Below are the records; extract from them the line containing "[diagram: same view" to the line containing "#237 = ORIENTED_EDGE( '', *, *, #339, .T. );", both lines included, exactly and with no pictures.
____ TASK MATERIAL
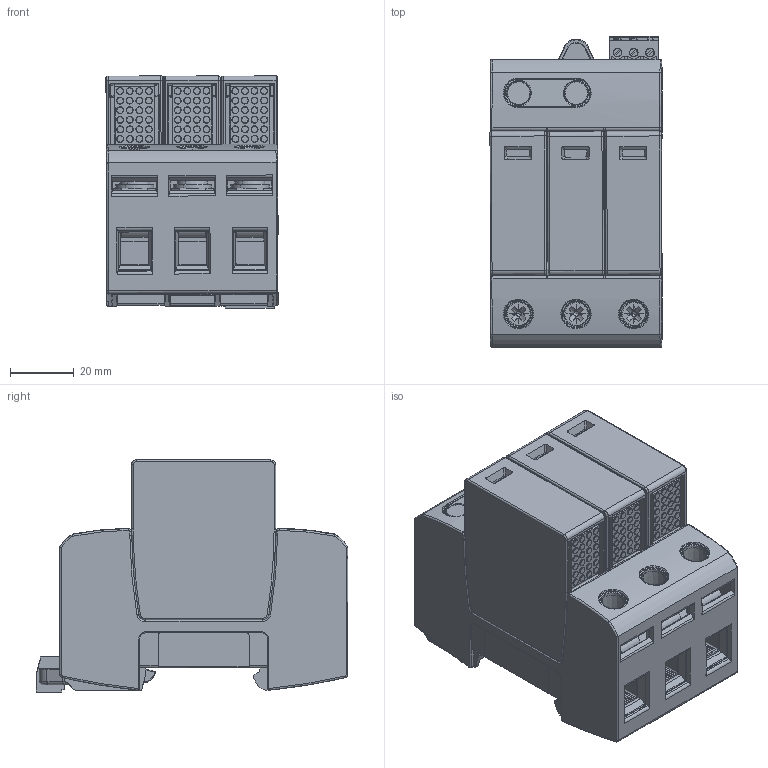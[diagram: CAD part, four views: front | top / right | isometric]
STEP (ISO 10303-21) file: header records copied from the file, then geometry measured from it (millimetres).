
FILE_DESCRIPTION(/* description */ (''),/* implementation_level */ '2;1');
FILE_NAME(/* name */ '901575.sat.iam.stp',/* time_stamp */ '2021-08-02T10:45:34+02:00',/* author */ ('ENG41718'),/* organization */ (''),/* preprocessor_version */ 'ST-DEVELOPER v17.2',/* originating_system */ 'Autodesk Inventor 2019',/* authorisation */ '');
FILE_SCHEMA (('AUTOMOTIVE_DESIGN { 1 0 10303 214 3 1 1 }'));
Products named in the file (6): 901575.sat; 901575; 901575_1; 901575_2; 901575_3; 901575_4
Assembly tree (5 placements, depth 2):
  901575.sat
    901575
    901575_1
    901575_2
    901575_3
    901575_4
Bounding box: 53.78 x 97.3 x 72.55 mm (x, y, z)
Volume: 211509.2 mm3; surface area: 103204.7 mm2
Topology: 5 solids, 5 shells, 5094 faces, 13244 edges, 8174 vertices
Faces by surface type: plane 2491, cylinder 1473, bspline 768, cone 362
Entity records: 200979 total; most frequent: CARTESIAN_POINT 79458, ORIENTED_EDGE 26252, DIRECTION 20717, EDGE_CURVE 13126, VERTEX_POINT 8174, LINE 7847, VECTOR 7847, AXIS2_PLACEMENT_3D 6435
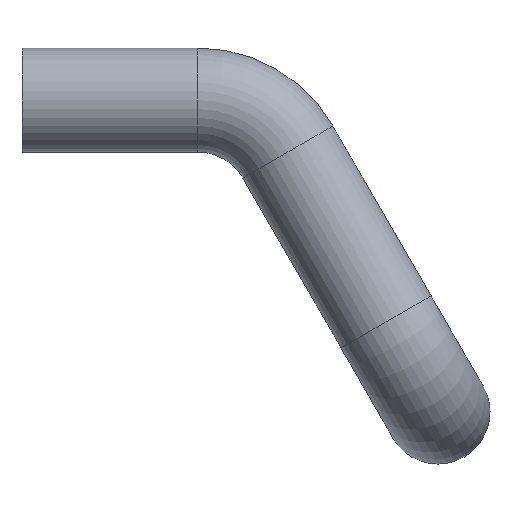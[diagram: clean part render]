
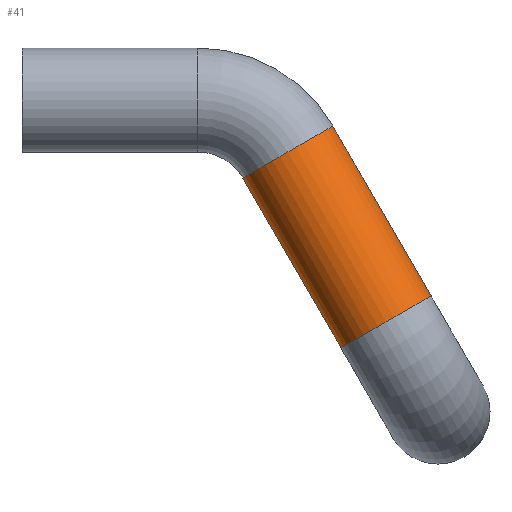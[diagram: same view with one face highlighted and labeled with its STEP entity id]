
A CAD part, left-side view. The second image highlights one B-rep face of the part: STEP entity #41.
In plain terms, the highlighted cylindrical face has radius 5 mm (diameter 10 mm), a full revolution.
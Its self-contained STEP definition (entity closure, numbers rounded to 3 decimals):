
#41 = ADVANCED_FACE( '', ( #92, #93 ), #94, .T. );
#92 = FACE_OUTER_BOUND( '', #167, .T. );
#93 = FACE_OUTER_BOUND( '', #168, .T. );
#94 = CYLINDRICAL_SURFACE( '', #169, 5. );
#167 = EDGE_LOOP( '', ( #236 ) );
#168 = EDGE_LOOP( '', ( #237 ) );
#169 = AXIS2_PLACEMENT_3D( '', #238, #239, #240 );
#236 = ORIENTED_EDGE( '', *, *, #338, .F. );
#237 = ORIENTED_EDGE( '', *, *, #339, .T. );
#238 = CARTESIAN_POINT( '', ( 0., 5., 8.66 ) );
#239 = DIRECTION( '', ( 0., 0.5, 0.866 ) );
#240 = DIRECTION( '', ( 0., 0.866, -0.5 ) );
#338 = EDGE_CURVE( '', #373, #373, #374, .T. );
#339 = EDGE_CURVE( '', #375, #375, #376, .T. );
#373 = VERTEX_POINT( '', #422 );
#374 = CIRCLE( '', #423, 5. );
#375 = VERTEX_POINT( '', #424 );
#376 = CIRCLE( '', #425, 5. );
#422 = CARTESIAN_POINT( '', ( -4.33, 7.165, 7.41 ) );
#423 = AXIS2_PLACEMENT_3D( '', #470, #471, #472 );
#424 = CARTESIAN_POINT( '', ( 0., 18.764, 22.5 ) );
#425 = AXIS2_PLACEMENT_3D( '', #473, #474, #475 );
#470 = CARTESIAN_POINT( '', ( 0., 5., 8.66 ) );
#471 = DIRECTION( '', ( 0., -0.5, -0.866 ) );
#472 = DIRECTION( '', ( -0.866, 0.433, -0.25 ) );
#473 = CARTESIAN_POINT( '', ( 0., 14.434, 25. ) );
#474 = DIRECTION( '', ( 0., -0.5, -0.866 ) );
#475 = DIRECTION( '', ( 0., 0.866, -0.5 ) );
________
** COMPLETED TASK **
[diagram: same view with one face highlighted and labeled with its STEP entity id]
A CAD part, left-side view. The second image highlights one B-rep face of the part: STEP entity #41.
In plain terms, the highlighted cylindrical face has radius 5 mm (diameter 10 mm), a full revolution.
Its self-contained STEP definition (entity closure, numbers rounded to 3 decimals):
#41 = ADVANCED_FACE( '', ( #92, #93 ), #94, .T. );
#92 = FACE_OUTER_BOUND( '', #167, .T. );
#93 = FACE_OUTER_BOUND( '', #168, .T. );
#94 = CYLINDRICAL_SURFACE( '', #169, 5. );
#167 = EDGE_LOOP( '', ( #236 ) );
#168 = EDGE_LOOP( '', ( #237 ) );
#169 = AXIS2_PLACEMENT_3D( '', #238, #239, #240 );
#236 = ORIENTED_EDGE( '', *, *, #338, .F. );
#237 = ORIENTED_EDGE( '', *, *, #339, .T. );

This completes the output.